The choice of training objective is central to diffusion-based generative modeling in terms of both sample quality and distribution coverage. While standard maximum likelihood training provides a principled objective with strong theoretical grounding, empirical studies indicate that previous training objectives in diffusion models often face an inverse correlation between likelihood optimization and perceptual evaluations. We propose the Rényi diffusion model, a unified generative framework that formulates training objectives using Rényi divergence. This yields a generalized score matching objective providing explicit control over the trade-off between sample quality and distribution coverage. Experiments demonstrate improved balance between density estimation and sample generation performances across multiple datasets without modifying model architectures or sampling procedures.

Deep Learning · Graph Neural Networks

Danial Saber, Amirali Salehi-Abari

Graph Neural Networks (GNNs) suffer from overfitting and over-squashing of long-range information. Stochastic graph augmentations (e.g., edge deletion) regularize training against overfitting but can introduce train-inference misalignment and do not improve over-squashing. In contrast, rewiring methods improve connectivity to mitigate over-squashing, but are not designed to regularize training. We propose Random Add-Drop Edge (RADE), a stochastic graph augmentation method that jointly drops and adds edges to address both overfitting and over-squashing simultaneously. RADE is provably designed to align training and inference so that random augmentations regularize training without distribution shift, while supporting long-range communication at inference. We further propose and study a mini-batch gradient-norm balancing algorithm that adapts deletion and addition rates during training, rendering RADE hyperparameter-free in practice. Experiments on node- and graph-classification benchmarks show that RADE is a strong regularizer and mitigates over-squashing. Ablations support the roles of train-inference alignment, adaptive rate selection, and the complementary effects of random edge deletion and edge addition.

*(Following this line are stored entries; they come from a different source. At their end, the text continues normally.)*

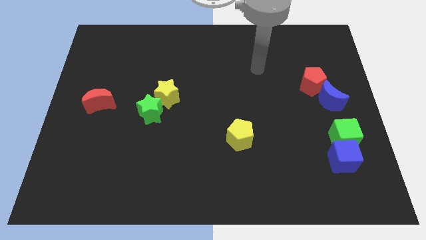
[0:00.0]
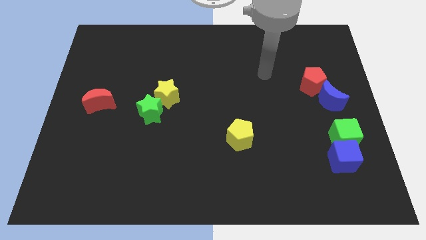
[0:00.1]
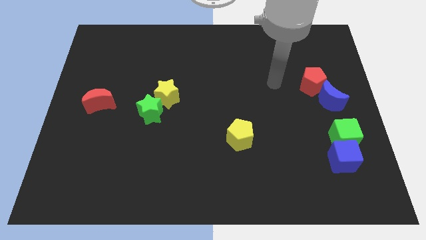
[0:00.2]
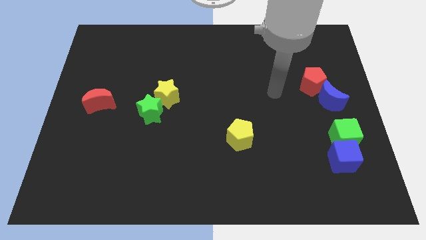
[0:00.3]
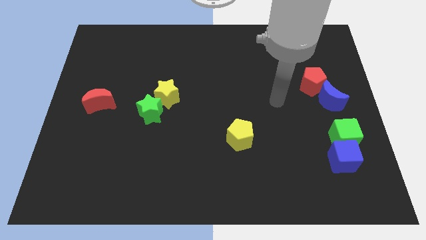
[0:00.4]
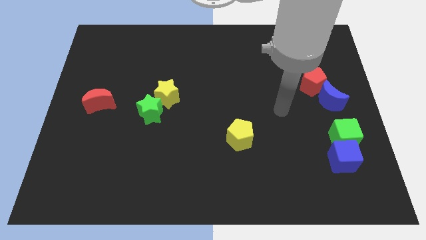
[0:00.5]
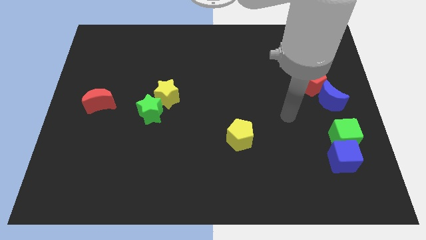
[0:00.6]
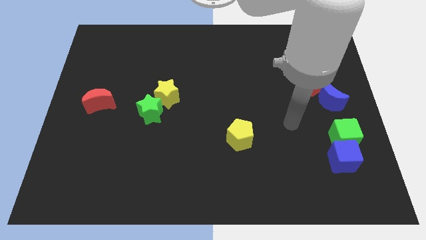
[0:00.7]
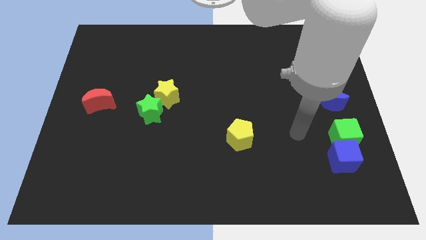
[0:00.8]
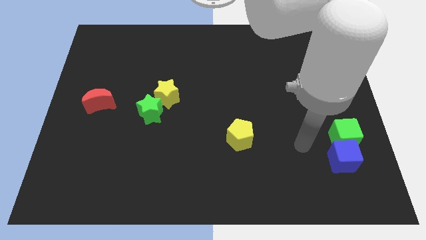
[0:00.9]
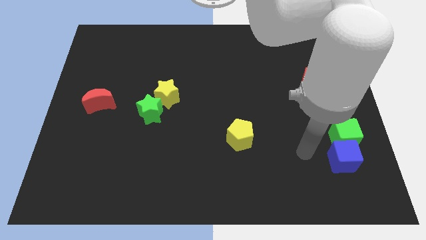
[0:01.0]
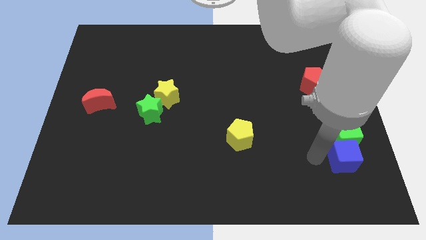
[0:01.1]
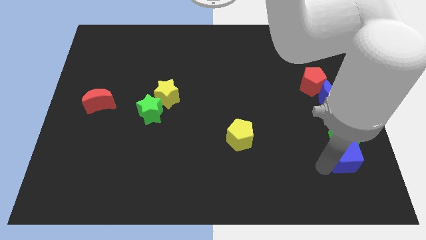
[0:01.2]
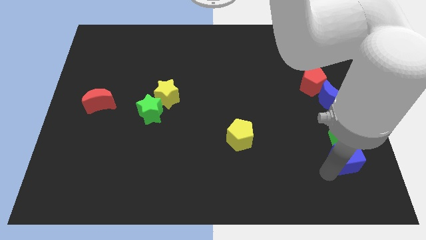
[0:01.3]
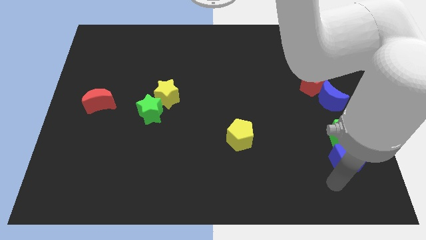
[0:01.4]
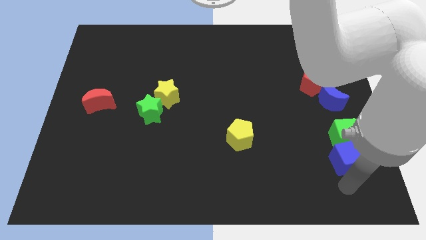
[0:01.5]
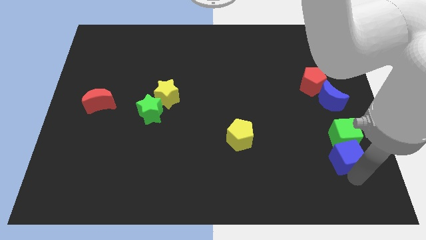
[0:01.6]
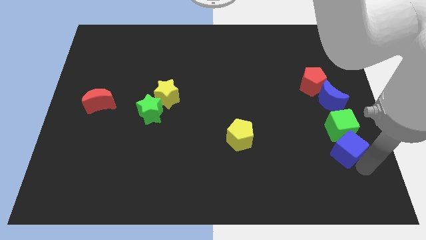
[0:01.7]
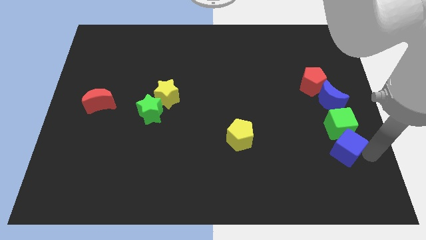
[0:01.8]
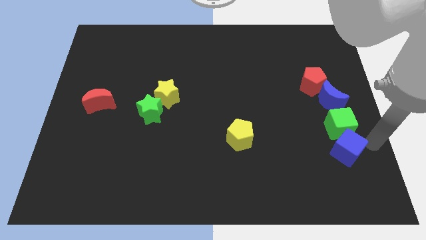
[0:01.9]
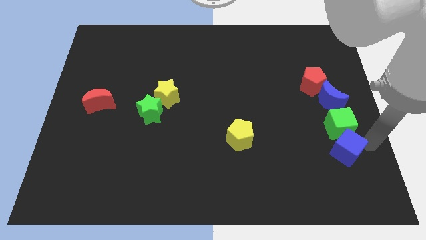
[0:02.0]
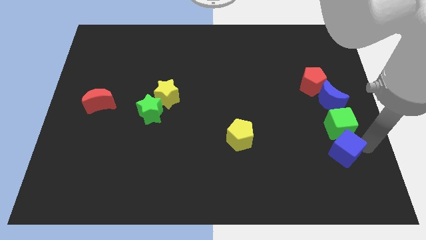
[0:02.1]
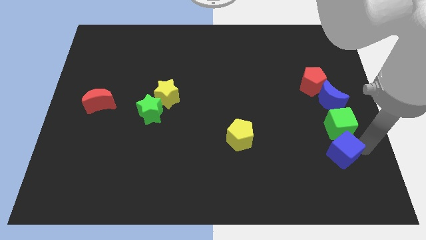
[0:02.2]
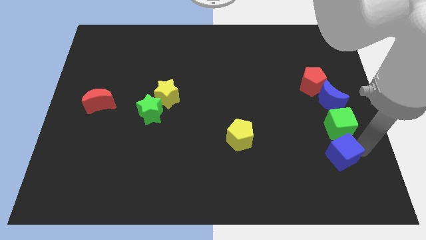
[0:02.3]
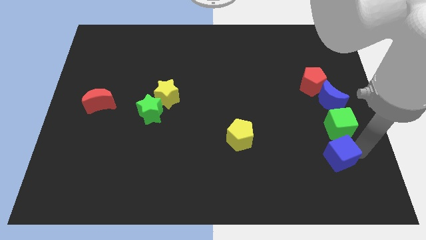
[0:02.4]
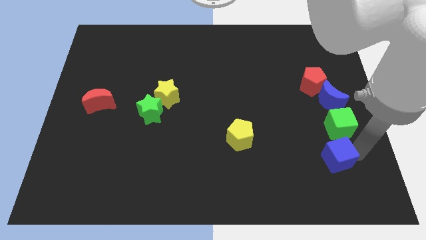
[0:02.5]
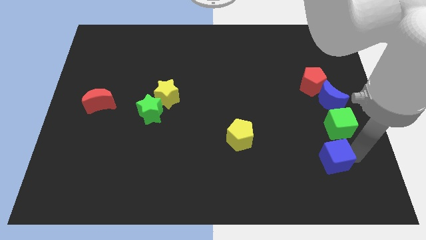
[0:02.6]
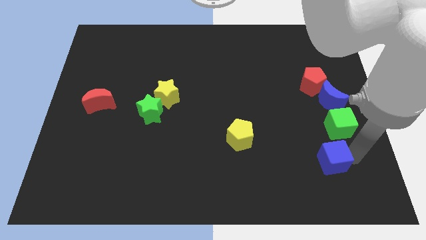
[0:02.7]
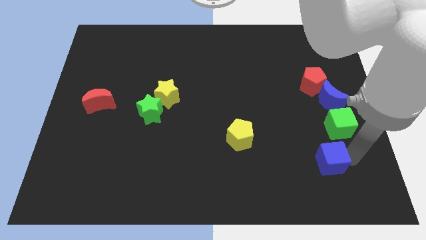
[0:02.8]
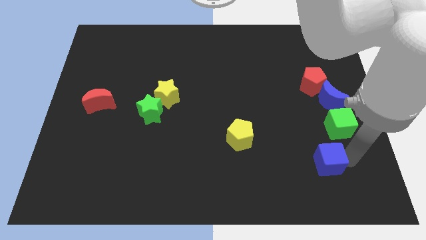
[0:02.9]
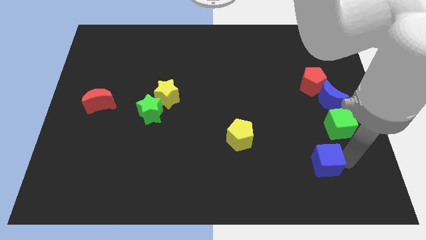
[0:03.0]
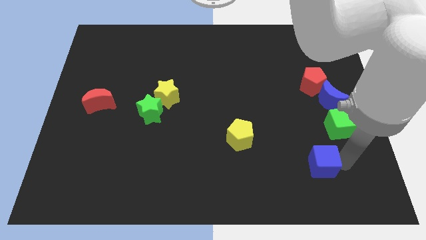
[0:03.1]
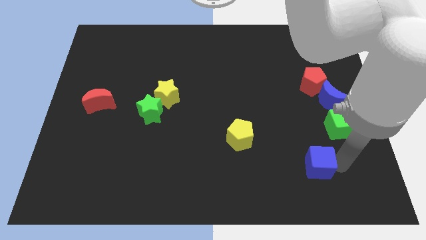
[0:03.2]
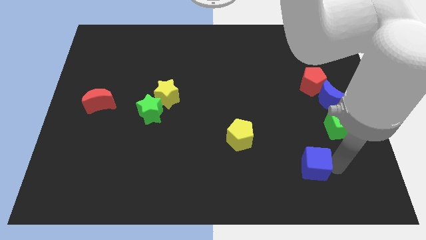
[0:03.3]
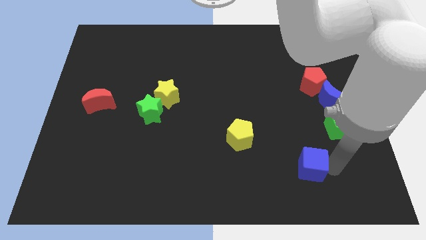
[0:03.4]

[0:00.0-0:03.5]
move the blue cube left a little

Theory · Online Learning and Bandits

Lixing Lyu, Jiashuo Jiang, Wang Chi Cheung

We study infinite-horizon discounted Markov decision processes (DMDPs) under a generative model. Motivated by the Algorithms with Advice framework (Mitzenmacher and Vassilvitskii, 2022), we propose a novel framework to investigate how black-box predictions of the transition matrix can enhance sample efficiency in solving DMDPs and improve sample complexity bounds. We focus on DMDPs with $N$ state–action pairs and discount factor $\gamma$. We first provide an impossibility result showing that, in the presence of predictions with unknown accuracy, no sampling policy can compute an $\epsilon$-optimal policy with a sample complexity better than $\tilde{O}((1-\gamma)^{-3} N \epsilon^{-2})$, which matches the state-of-the-art minimax sample complexity bound without prediction. In complement, we design an algorithm based on minimax optimization techniques that leverages predictions of the transition matrix without requiring knowledge of the prediction error. Our algorithm achieves a sample complexity bound that depends on the prediction error and is uniformly better than $\tilde{O}((1-\gamma)^{-4} N \epsilon^{-2})$, the previous best result derived from convex optimization methods. In some cases, our bound even improves upon the state-of-the-art $\tilde{O}((1-\gamma)^{-3} N \epsilon^{-2})$, despite not having access to the prediction quality.